> _Work item_
After locating the line with "Draw a box round the gravel." in the data that follows, return it and every later line exactly, up to and including the line with "Fit a 3-D box to the waterfall, as".

> _Information provided_

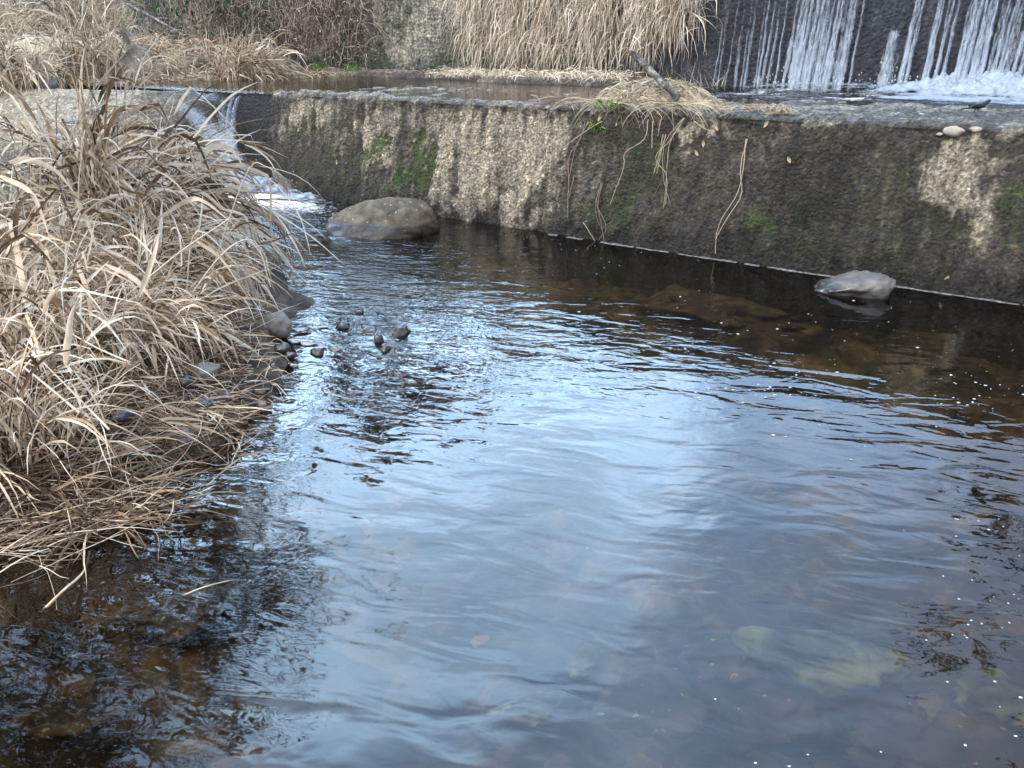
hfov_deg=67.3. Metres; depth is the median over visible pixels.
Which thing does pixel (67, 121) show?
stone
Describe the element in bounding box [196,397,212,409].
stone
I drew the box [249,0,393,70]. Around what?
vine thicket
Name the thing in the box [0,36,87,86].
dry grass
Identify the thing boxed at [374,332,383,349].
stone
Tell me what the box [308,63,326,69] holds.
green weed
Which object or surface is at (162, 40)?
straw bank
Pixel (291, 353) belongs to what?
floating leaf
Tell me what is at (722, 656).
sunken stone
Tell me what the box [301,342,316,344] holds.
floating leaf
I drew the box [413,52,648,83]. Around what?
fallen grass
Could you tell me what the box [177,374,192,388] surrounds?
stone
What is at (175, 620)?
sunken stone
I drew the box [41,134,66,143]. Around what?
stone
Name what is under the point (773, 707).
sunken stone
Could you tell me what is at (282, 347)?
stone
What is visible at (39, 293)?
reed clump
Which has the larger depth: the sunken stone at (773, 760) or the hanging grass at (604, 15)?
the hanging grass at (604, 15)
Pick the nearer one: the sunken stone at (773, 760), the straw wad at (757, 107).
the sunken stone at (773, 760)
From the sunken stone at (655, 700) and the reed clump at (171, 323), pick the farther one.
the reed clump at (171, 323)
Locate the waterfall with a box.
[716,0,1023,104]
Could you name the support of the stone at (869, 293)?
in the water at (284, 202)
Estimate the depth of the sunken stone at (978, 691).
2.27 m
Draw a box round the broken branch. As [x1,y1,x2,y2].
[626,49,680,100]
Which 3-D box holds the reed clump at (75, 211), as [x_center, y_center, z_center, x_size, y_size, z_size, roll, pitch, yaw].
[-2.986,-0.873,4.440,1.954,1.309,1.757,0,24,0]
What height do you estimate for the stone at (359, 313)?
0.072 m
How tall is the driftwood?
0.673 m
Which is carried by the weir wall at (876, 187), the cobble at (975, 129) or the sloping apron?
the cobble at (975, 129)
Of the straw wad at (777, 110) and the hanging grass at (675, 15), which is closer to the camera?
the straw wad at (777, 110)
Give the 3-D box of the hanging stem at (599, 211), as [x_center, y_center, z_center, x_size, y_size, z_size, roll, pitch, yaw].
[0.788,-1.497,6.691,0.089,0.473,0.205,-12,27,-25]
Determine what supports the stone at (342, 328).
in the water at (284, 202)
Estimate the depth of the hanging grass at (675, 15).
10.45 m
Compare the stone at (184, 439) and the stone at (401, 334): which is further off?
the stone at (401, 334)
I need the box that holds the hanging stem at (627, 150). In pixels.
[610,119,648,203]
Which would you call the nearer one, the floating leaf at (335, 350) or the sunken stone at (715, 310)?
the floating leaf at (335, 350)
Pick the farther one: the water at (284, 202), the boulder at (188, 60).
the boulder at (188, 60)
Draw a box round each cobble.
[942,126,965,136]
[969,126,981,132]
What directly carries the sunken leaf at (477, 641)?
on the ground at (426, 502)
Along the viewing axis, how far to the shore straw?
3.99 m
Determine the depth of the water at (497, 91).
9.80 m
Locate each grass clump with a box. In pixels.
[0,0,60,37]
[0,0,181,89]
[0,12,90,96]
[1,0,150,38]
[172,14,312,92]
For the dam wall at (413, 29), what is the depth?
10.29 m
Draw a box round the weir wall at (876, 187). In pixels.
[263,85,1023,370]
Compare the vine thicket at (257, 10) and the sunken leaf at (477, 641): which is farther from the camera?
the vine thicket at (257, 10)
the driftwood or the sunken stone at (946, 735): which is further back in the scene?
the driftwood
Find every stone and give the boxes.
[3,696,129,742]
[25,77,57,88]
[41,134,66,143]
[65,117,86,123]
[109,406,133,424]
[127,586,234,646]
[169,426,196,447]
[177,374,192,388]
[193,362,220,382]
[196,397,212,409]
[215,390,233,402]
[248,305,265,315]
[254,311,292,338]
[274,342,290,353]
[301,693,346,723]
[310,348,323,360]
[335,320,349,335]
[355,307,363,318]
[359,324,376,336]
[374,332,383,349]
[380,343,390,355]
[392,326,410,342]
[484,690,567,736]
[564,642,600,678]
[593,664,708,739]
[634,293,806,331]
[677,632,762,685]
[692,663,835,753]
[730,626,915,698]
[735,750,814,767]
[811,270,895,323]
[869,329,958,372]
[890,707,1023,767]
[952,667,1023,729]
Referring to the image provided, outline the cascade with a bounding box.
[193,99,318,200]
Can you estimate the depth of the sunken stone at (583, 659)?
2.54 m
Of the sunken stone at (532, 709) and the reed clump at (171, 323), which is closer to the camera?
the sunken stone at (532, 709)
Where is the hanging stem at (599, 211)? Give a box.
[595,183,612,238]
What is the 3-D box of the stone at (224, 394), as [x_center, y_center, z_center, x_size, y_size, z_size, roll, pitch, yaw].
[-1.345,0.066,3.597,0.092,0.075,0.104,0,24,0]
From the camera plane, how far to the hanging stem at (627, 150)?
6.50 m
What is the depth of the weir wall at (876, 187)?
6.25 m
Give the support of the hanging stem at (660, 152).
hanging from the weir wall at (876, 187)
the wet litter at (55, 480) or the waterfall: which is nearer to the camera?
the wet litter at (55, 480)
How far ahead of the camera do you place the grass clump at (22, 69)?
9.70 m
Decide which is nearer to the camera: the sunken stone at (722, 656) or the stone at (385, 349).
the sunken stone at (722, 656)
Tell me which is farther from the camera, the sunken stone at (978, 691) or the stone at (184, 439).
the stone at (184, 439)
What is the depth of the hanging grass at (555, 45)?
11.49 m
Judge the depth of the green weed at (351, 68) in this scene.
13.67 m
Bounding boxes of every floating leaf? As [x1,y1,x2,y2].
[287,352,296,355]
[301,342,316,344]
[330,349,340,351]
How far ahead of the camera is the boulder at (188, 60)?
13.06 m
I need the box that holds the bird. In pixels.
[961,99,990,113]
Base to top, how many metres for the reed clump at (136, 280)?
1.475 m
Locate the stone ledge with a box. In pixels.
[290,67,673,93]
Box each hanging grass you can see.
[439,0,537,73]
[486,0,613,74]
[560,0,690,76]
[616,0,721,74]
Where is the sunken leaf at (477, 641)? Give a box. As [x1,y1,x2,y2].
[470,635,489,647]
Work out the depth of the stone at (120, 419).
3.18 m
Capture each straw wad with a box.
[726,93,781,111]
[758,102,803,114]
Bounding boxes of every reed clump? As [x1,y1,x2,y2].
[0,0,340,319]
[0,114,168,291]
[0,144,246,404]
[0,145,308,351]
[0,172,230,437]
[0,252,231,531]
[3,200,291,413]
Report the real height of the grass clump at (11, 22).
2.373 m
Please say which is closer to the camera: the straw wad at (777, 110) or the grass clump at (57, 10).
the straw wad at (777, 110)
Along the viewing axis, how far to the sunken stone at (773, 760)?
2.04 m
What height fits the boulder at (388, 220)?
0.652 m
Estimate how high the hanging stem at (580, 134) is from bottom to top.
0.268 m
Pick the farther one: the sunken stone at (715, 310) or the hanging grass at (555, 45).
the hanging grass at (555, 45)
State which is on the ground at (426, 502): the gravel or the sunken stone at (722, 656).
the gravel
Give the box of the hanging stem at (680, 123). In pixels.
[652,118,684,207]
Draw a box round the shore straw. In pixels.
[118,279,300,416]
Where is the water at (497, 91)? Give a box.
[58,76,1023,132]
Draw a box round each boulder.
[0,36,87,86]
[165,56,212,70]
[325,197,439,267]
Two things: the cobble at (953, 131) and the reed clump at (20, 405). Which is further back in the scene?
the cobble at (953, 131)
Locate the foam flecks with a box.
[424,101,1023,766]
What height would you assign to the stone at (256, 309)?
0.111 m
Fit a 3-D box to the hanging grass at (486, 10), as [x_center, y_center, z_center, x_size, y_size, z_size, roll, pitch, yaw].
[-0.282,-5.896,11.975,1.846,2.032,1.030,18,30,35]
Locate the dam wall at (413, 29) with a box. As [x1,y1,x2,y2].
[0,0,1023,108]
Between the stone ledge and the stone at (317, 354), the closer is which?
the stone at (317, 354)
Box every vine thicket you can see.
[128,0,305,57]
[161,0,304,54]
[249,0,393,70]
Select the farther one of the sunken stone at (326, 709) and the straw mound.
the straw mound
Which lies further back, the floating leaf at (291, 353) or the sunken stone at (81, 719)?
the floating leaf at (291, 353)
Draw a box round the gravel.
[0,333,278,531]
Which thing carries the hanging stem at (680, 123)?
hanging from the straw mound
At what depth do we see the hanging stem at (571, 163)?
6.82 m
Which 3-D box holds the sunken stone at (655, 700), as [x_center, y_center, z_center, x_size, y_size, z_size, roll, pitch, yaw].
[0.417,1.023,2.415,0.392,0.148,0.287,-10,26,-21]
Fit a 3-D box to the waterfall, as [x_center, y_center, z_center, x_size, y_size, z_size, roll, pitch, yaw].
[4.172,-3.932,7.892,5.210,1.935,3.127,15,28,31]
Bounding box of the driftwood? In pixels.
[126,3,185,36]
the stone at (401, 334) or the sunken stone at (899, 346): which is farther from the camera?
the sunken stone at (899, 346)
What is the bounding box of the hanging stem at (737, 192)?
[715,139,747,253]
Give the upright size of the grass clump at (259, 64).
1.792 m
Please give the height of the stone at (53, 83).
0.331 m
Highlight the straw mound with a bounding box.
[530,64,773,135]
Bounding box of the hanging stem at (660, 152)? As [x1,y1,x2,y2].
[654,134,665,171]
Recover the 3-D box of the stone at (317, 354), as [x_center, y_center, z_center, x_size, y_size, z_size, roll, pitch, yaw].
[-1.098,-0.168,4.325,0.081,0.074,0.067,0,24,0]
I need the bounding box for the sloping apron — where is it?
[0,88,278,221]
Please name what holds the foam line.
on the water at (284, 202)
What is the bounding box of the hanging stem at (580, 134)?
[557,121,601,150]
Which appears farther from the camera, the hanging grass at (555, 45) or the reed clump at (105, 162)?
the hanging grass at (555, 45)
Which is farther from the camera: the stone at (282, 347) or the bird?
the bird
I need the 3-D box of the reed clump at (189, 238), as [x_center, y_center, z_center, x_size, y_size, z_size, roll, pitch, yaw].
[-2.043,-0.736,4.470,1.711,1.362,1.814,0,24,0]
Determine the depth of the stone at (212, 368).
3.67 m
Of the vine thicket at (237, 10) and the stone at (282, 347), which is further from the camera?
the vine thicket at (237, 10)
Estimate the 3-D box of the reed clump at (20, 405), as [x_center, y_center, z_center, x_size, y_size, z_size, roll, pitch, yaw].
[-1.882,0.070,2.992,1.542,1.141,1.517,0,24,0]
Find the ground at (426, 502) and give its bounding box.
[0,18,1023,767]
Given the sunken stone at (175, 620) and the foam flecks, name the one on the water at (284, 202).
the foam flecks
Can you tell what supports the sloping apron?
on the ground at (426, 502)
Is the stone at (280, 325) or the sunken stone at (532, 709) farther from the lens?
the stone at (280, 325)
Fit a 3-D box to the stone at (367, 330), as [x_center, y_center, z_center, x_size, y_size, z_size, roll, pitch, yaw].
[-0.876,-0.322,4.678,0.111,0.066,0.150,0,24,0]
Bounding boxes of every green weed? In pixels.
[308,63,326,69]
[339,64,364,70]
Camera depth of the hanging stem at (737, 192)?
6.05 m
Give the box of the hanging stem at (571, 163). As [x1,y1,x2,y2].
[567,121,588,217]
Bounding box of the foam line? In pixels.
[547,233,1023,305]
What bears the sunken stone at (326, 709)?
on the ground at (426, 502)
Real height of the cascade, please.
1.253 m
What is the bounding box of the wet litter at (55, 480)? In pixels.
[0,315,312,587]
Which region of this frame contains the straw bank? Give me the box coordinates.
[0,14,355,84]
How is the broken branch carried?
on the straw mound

> _Answer box_
Draw a box round the gravel.
[0,333,278,531]
Which thing carries the hanging stem at (680, 123)?
hanging from the straw mound
At what depth do we see the hanging stem at (571, 163)?
6.82 m
Which 3-D box holds the sunken stone at (655, 700), as [x_center, y_center, z_center, x_size, y_size, z_size, roll, pitch, yaw].
[0.417,1.023,2.415,0.392,0.148,0.287,-10,26,-21]
Fit a 3-D box to the waterfall, as [x_center, y_center, z_center, x_size, y_size, z_size, roll, pitch, yaw].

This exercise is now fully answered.